Despite these problems as well as others, such as out fictional teenager’s interest in neuroplasticity, the overall assessment is “[y]our thoughtful, reflective, and articulate responses strongly suggest you’re human—or at the very least, you’re doing an exceptional job at simulating one”. (ChatGPT 2025b.)

On the human side, while the LLM is right most of the time in assuming there is a human behind the answers and finds this to be the case in the overall assessment, it does second-guess itself on multiple occasions where it states that AI might have given a similar answer. (ChatGPT 2025a.)

It is not possible to make any definite conclusions based on only one case of each, but it is telling that ChatGPT is not able to differentiate between a human and another LLM despite the text provided by Copilot is obviously AI and would be identified as such by anyone with experience in reading generated text. Of course, ChatGPT was never designed for this kind of work nor are the technologies behind it capable of reaching such levels.

Author

Aki Vainio works as a senior lecturer of IT at LAB and takes part in various RDI projects in expert roles. His favorite movie was released 11 years before he was born.

References

Caulfield, J. 2023. How Do AI Detectors Work? | Methods and Reliability. Scribbr. Cited 21 Jan 2025. Available at https://www.scribbr.com/ai-tools/how-do-ai-detectors-work/

ChatGPT. 2025a. Turing Test Interaction (human version). OpenAI. Cited 21 Jan 2025. Available at https://chatgpt.com/share/678f335b-7478-8003-9e0d-5e7565f0a18f

ChatGPT. 2025b. Turing Test Interaction (Copilot answers).
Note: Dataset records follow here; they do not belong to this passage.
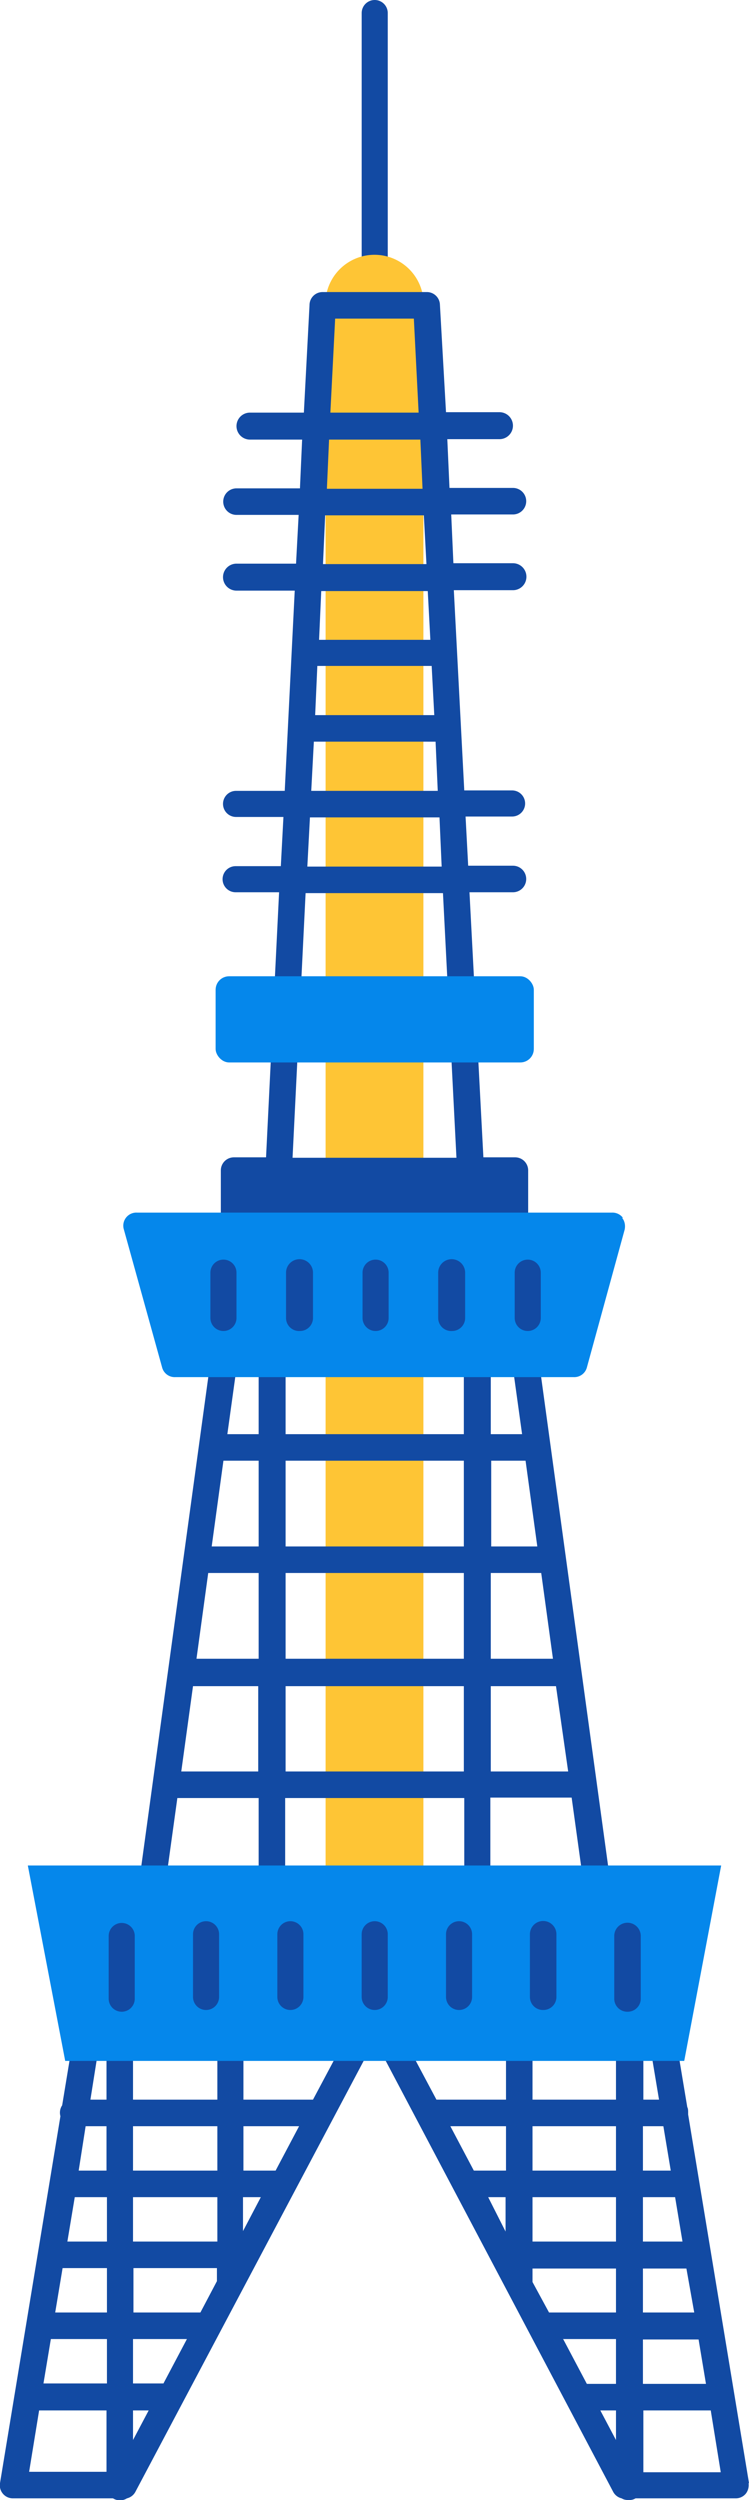 <svg xmlns="http://www.w3.org/2000/svg" width="172.3" height="574.4">
  <path d="M86.2 78.2a3 3 0 0 1-3-3V3a3 3 0 1 1 6 0v72a3 3 0 0 1-3 3.1Z" style="fill:#124aa3"/>
  <path d="M86.2 441.4c-6.2 0-11.3-5-11.3-11.2V70.9a11.3 11.3 0 1 1 22.5 0v359.3c0 6.2-5 11.2-11.2 11.2Z" style="fill:#fec535"/>
  <path d="M118.5 265.9h-7.3L108 205h10a3 3 0 1 0 0-6.1h-10.3l-.6-11.3h10.7a3 3 0 1 0 0-6h-11l-2.4-46H118a3 3 0 1 0 0-6.2h-13.7l-.5-11.2h14.2a3 3 0 1 0 0-6.1h-14.6l-.5-11.2h12a3 3 0 1 0 0-6.2h-12.3L101.2 70a3 3 0 0 0-3-2.9h-24a3 3 0 0 0-3 3l-1.3 24.7H57.5a3 3 0 1 0 0 6.2h12l-.5 11.2H54.4a3 3 0 1 0 0 6.1h14.3l-.6 11.2H54.4a3 3 0 1 0 0 6.2h13.4l-2.3 46H54.3a3 3 0 1 0 0 6h10.9l-.6 11.3H54.2a3 3 0 1 0 0 6h10l-3 60.9h-7.4a3 3 0 0 0-3 3v24.7a3 3 0 0 0 3 3h64.7a3 3 0 0 0 3-3v-24.7a3 3 0 0 0-3-3ZM73.1 153h26.2l.6 11.3H72.5L73 153Zm4-79.8h18.1l1.1 21.6H76l1.1-21.6ZM75.7 101h21l.5 11.3h-22l.5-11.3Zm-.9 17.4h22.7l.6 11.2H74.3l.5-11.2Zm23.6 17.4.6 11.2H73.4l.5-11.2h24.5Zm-26.2 34.6H100.2l.5 11.3H71.6l.6-11.3Zm-1 17.4h29.9l.5 11.3H70.7l.6-11.3Zm-.8 17.4h31.5l3.1 60.8H67.3l3-60.8ZM172.3 570.5l-14-84.7v-.4c0-.5 0-.9-.2-1.3l-2.9-17.4c0-1.7-1.5-3-3.2-3l-63.2.3c-1.1 0-2 .6-2.6 1.5a3 3 0 0 0-2.7-1.5l-63.2-.3a3.1 3.1 0 0 0-3.2 3l-2.8 17a3 3 0 0 0-.4 2.5L0 570.5a3 3 0 0 0 3 3.5h23a3 3 0 0 0 3.2 0 3 3 0 0 0 2-1.6l55-103.7L141 572.4a3 3 0 0 0 2 1.6c.5.3 1 .4 1.7.4.5 0 1-.1 1.5-.4h23a3 3 0 0 0 2.3-1c.6-.7.8-1.6.7-2.5Zm-109-71.8H56v-10.2h12.8l-5.4 10.2Zm-17.2 32.6H30.7v-10.2h19.2v3l-3.8 7.2Zm-8.6 16.3h-6.9v-10.2H43l-5.4 10.2Zm-17.8-59.1h4.8v10.2h-6.4l1.6-10.2ZM50 515H30.6v-10.2H50V515Zm-25.4 0h-9.1l1.7-10.2h7.4V515Zm0 6.1v10.2H12.7l1.7-10.2h10.1Zm-12.8 16.3h12.8v10.2H10l1.7-10.2ZM56 504.8H60l-4.1 7.8v-7.8Zm-6.1-6.1H30.6v-10.2H50v10.2Zm-19.3-16.3v-12.5H50v12.5H30.6Zm-6.1-12.6v12.6h-3.7l2-12.6h1.7ZM9 553.8h15.5v14.1H6.7L9 553.8Zm21.6 6.8v-6.8h3.6l-3.6 6.8ZM72 482.4H56V470l22.5.2-6.5 12.2Zm57.5 55h12.2v10.3H135l-5.4-10.2Zm-7-13.2v-3h19.2v10.1h-15.4l-3.8-7Zm19.2-35.7v10.2h-19.2v-10.2h19.2Zm-19.2-6.1V470l19.2-.1v12.5h-19.2Zm0 22.4h19.2V515h-19.2v-10.2Zm25.4 0h7.4L157 515h-9.1v-10.2Zm10 16.4 1.8 10.1h-11.8v-10.1h10Zm-3.6-22.5h-6.4v-10.2h4.7l1.7 10.2Zm-38 0H109l-5.4-10.2h12.8v10.2Zm0 6.1v7.9l-4-7.9h4Zm31.6 32.7h12.8l1.7 10.2h-14.5v-10.2Zm1.6-67.7 2.1 12.6H148v-12.5h1.6Zm-33.1.2v12.4h-16l-6.5-12.2 22.5-.1Zm21.7 83.8h3.6v6.8l-3.6-6.8ZM148 568v-14.2h15.5l2.3 14.2h-17.8ZM140.4 432.4l-16.2-118.1a3 3 0 0 0-6.1.8l2 14.4h-7.2v-14.8a3 3 0 1 0-6.2 0v14.8h-41v-14.8a3 3 0 1 0-6.2 0v14.8h-7.2l2-14.4a3 3 0 1 0-6.1-.8L32 432.4a3 3 0 1 0 6 .9l2.8-20.2h18.7v19.7a3 3 0 1 0 6.1 0v-19.7h41.2v19.8a3 3 0 1 0 6 0V413h18.7l2.8 20.2a3 3 0 0 0 3 2.6h.5a3 3 0 0 0 2.6-3.5Zm-92.5-71h11.6v19.7H45.2l2.7-19.7Zm17.7 0h41.1v19.7h-41v-19.7Zm47.3 0h11.6l2.7 19.7h-14.3v-19.7Zm8-25.8 2.7 19.7H113v-19.7h8Zm-14.2 0v19.7h-41v-19.7h41Zm-47.2 0v19.7H48.7l2.7-19.7h8ZM41.7 407l2.7-19.6h15v19.6H41.8Zm24 0v-19.6h41v19.6h-41Zm47.2 0v-19.6h15l2.8 19.6h-17.8Z" style="fill:#124aa3"/>
  <path d="m6.4 428.6 8.6 44.9h142.4l8.5-44.9H6.4z" style="fill:#0587eb"/>
  <path d="M28 462.2a3 3 0 0 1-3-3v-14.4a3 3 0 1 1 6 0v14.3a3 3 0 0 1-3 3.1ZM47.4 461.8a3 3 0 0 1-3-3v-14.4a3 3 0 1 1 6 0v14.4a3 3 0 0 1-3 3ZM66.8 461.8a3 3 0 0 1-3-3v-14.4a3 3 0 1 1 6 0v14.4a3 3 0 0 1-3 3ZM86.2 461.8a3 3 0 0 1-3-3v-14.4a3 3 0 1 1 6 0v14.4a3 3 0 0 1-3 3ZM105.6 461.8a3 3 0 0 1-3-3v-14.4a3 3 0 1 1 6 0v14.4a3 3 0 0 1-3 3ZM125 461.8a3 3 0 0 1-3.1-3v-14.4a3 3 0 1 1 6.1 0v14.4a3 3 0 0 1-3 3ZM144.3 462.2a3 3 0 0 1-3-3v-14.4a3 3 0 1 1 6.1 0v14.3a3 3 0 0 1-3 3.1Z" style="fill:#124aa3"/>
  <path d="M143.3 279.8a3 3 0 0 0-2.5-1.2H31.5a3 3 0 0 0-3 3.9l8.8 31.7a3 3 0 0 0 3 2.2H132a3 3 0 0 0 3-2.2l8.7-31.7c.2-1 0-2-.6-2.7Z" style="fill:#0587eb"/>
  <path d="M86.4 305.8a3 3 0 0 1-3-3v-10.4a3 3 0 1 1 6 0v10.3a3 3 0 0 1-3 3.1ZM104 305.8a3 3 0 0 1-3.2-3v-10.4a3 3 0 1 1 6.2 0v10.3a3 3 0 0 1-3 3.1ZM121.4 305.8a3 3 0 0 1-3-3v-10.4a3 3 0 1 1 6 0v10.3a3 3 0 0 1-3 3.1ZM51.4 305.8a3 3 0 0 1-3-3v-10.4a3 3 0 1 1 6 0v10.3a3 3 0 0 1-3 3.1ZM69 305.8a3 3 0 0 1-3.2-3v-10.4a3 3 0 1 1 6.2 0v10.3a3 3 0 0 1-3 3.1Z" style="fill:#124aa3"/>
  <rect width="73.2" height="19.8" x="49.6" y="224.3" rx="3.1" ry="3.1" style="fill:#0587eb"/>
</svg>

OpenAI. Cited 21 Jan 2025. Available at https://chatgpt.com/share/678f59c8-1adc-8009-8f1d-6f57e75cc990

Hermans, P. 2009. Beeld van Alan Turing in Sacksville Gardens, Manchester, Verenigd Koninkrijk. Wikimedia. Cited 23 Jan 2025. Available at https://commons.wikimedia.org/wiki/File:Alan_Turing_18-10-2009_11-10-27.JPG

Pathfinder. 2024. Welcome to the Erasmus+ Pathfinder Project. Netlify. Cited 21 Jan 2025. Available at https://erasmus-pathfinder.netlify.app/

Proudfoot, D. 2024. The Turing Test. Open Encyclopedia of Cognitive Science. Cited 21 Jan 2025. Available at https://oecs.mit.edu/pub/uli3iiu9/release/2

Turing, A. 1950. Computing Machinery and Intelligence. Mind. 49 (236), 433─460.